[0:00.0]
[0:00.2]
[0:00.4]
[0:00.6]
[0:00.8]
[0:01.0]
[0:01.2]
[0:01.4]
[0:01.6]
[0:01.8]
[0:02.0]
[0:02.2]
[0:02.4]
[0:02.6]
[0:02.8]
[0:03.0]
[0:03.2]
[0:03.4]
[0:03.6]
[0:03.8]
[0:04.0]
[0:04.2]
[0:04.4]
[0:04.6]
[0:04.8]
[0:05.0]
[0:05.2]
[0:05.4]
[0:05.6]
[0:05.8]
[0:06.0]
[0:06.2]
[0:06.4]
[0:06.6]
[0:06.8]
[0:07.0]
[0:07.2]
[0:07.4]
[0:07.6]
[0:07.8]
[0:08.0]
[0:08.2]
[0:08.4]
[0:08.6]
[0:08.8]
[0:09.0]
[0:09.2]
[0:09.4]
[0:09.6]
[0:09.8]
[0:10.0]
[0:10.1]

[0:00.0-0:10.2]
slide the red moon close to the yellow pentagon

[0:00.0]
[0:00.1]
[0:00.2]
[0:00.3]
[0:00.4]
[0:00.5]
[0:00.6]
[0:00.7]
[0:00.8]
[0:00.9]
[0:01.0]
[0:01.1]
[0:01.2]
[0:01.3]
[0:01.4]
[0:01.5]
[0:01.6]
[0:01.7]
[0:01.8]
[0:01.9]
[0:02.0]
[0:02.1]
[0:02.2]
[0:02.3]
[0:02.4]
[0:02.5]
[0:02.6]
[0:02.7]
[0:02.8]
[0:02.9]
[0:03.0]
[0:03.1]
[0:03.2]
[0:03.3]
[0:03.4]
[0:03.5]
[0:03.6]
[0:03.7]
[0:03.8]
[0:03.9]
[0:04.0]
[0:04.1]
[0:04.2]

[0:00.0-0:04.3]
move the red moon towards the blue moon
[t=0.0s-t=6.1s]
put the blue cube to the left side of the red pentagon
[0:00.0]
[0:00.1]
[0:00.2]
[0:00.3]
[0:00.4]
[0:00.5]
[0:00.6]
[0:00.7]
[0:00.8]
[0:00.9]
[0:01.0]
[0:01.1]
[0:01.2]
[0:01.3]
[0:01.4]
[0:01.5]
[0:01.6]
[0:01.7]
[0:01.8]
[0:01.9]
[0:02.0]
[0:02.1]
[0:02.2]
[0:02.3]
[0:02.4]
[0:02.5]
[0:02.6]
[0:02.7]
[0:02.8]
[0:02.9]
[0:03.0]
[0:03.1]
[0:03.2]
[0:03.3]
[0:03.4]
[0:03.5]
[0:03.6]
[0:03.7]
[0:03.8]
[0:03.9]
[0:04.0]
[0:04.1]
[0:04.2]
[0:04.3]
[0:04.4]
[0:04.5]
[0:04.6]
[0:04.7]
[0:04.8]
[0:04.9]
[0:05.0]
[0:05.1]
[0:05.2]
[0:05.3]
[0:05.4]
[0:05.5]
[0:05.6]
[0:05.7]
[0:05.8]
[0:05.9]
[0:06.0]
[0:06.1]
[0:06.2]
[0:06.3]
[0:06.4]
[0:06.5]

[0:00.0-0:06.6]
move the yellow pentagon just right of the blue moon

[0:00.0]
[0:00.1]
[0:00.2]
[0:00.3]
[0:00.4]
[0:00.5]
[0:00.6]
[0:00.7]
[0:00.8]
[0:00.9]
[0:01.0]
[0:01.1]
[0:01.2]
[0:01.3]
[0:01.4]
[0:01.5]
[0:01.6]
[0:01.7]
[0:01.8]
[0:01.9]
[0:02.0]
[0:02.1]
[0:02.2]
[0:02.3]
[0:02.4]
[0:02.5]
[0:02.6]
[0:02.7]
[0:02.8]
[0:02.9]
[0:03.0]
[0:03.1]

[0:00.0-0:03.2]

▬▬▬▬▬▬

> _Activity_: An exact reproduction of all the entries, complete to the last line, is needed.

> _Result of the task_:
[0:00.0]
[0:00.2]
[0:00.4]
[0:00.6]
[0:00.8]
[0:01.0]
[0:01.2]
[0:01.4]
[0:01.6]
[0:01.8]
[0:02.0]
[0:02.2]
[0:02.4]
[0:02.6]
[0:02.8]
[0:03.0]
[0:03.2]
[0:03.4]
[0:03.6]
[0:03.8]
[0:04.0]
[0:04.2]
[0:04.4]
[0:04.6]
[0:04.8]
[0:05.0]
[0:05.2]
[0:05.4]
[0:05.6]
[0:05.8]
[0:06.0]
[0:06.2]
[0:06.4]
[0:06.6]
[0:06.8]
[0:07.0]
[0:07.2]
[0:07.4]
[0:07.6]
[0:07.8]
[0:08.0]
[0:08.2]
[0:08.4]
[0:08.6]
[0:08.8]
[0:09.0]
[0:09.2]
[0:09.4]
[0:09.6]
[0:09.8]
[0:10.0]
[0:10.1]

[0:00.0-0:10.2]
slide the red moon close to the yellow pentagon

[0:00.0]
[0:00.1]
[0:00.2]
[0:00.3]
[0:00.4]
[0:00.5]
[0:00.6]
[0:00.7]
[0:00.8]
[0:00.9]
[0:01.0]
[0:01.1]
[0:01.2]
[0:01.3]
[0:01.4]
[0:01.5]
[0:01.6]
[0:01.7]
[0:01.8]
[0:01.9]
[0:02.0]
[0:02.1]
[0:02.2]
[0:02.3]
[0:02.4]
[0:02.5]
[0:02.6]
[0:02.7]
[0:02.8]
[0:02.9]
[0:03.0]
[0:03.1]
[0:03.2]
[0:03.3]
[0:03.4]
[0:03.5]
[0:03.6]
[0:03.7]
[0:03.8]
[0:03.9]
[0:04.0]
[0:04.1]
[0:04.2]

[0:00.0-0:04.3]
move the red moon towards the blue moon
[t=0.0s-t=6.1s]
put the blue cube to the left side of the red pentagon
[0:00.0]
[0:00.1]
[0:00.2]
[0:00.3]
[0:00.4]
[0:00.5]
[0:00.6]
[0:00.7]
[0:00.8]
[0:00.9]
[0:01.0]
[0:01.1]
[0:01.2]
[0:01.3]
[0:01.4]
[0:01.5]
[0:01.6]
[0:01.7]
[0:01.8]
[0:01.9]
[0:02.0]
[0:02.1]
[0:02.2]
[0:02.3]
[0:02.4]
[0:02.5]
[0:02.6]
[0:02.7]
[0:02.8]
[0:02.9]
[0:03.0]
[0:03.1]
[0:03.2]
[0:03.3]
[0:03.4]
[0:03.5]
[0:03.6]
[0:03.7]
[0:03.8]
[0:03.9]
[0:04.0]
[0:04.1]
[0:04.2]
[0:04.3]
[0:04.4]
[0:04.5]
[0:04.6]
[0:04.7]
[0:04.8]
[0:04.9]
[0:05.0]
[0:05.1]
[0:05.2]
[0:05.3]
[0:05.4]
[0:05.5]
[0:05.6]
[0:05.7]
[0:05.8]
[0:05.9]
[0:06.0]
[0:06.1]
[0:06.2]
[0:06.3]
[0:06.4]
[0:06.5]

[0:00.0-0:06.6]
move the yellow pentagon just right of the blue moon

[0:00.0]
[0:00.1]
[0:00.2]
[0:00.3]
[0:00.4]
[0:00.5]
[0:00.6]
[0:00.7]
[0:00.8]
[0:00.9]
[0:01.0]
[0:01.1]
[0:01.2]
[0:01.3]
[0:01.4]
[0:01.5]
[0:01.6]
[0:01.7]
[0:01.8]
[0:01.9]
[0:02.0]
[0:02.1]
[0:02.2]
[0:02.3]
[0:02.4]
[0:02.5]
[0:02.6]
[0:02.7]
[0:02.8]
[0:02.9]
[0:03.0]
[0:03.1]

[0:00.0-0:03.2]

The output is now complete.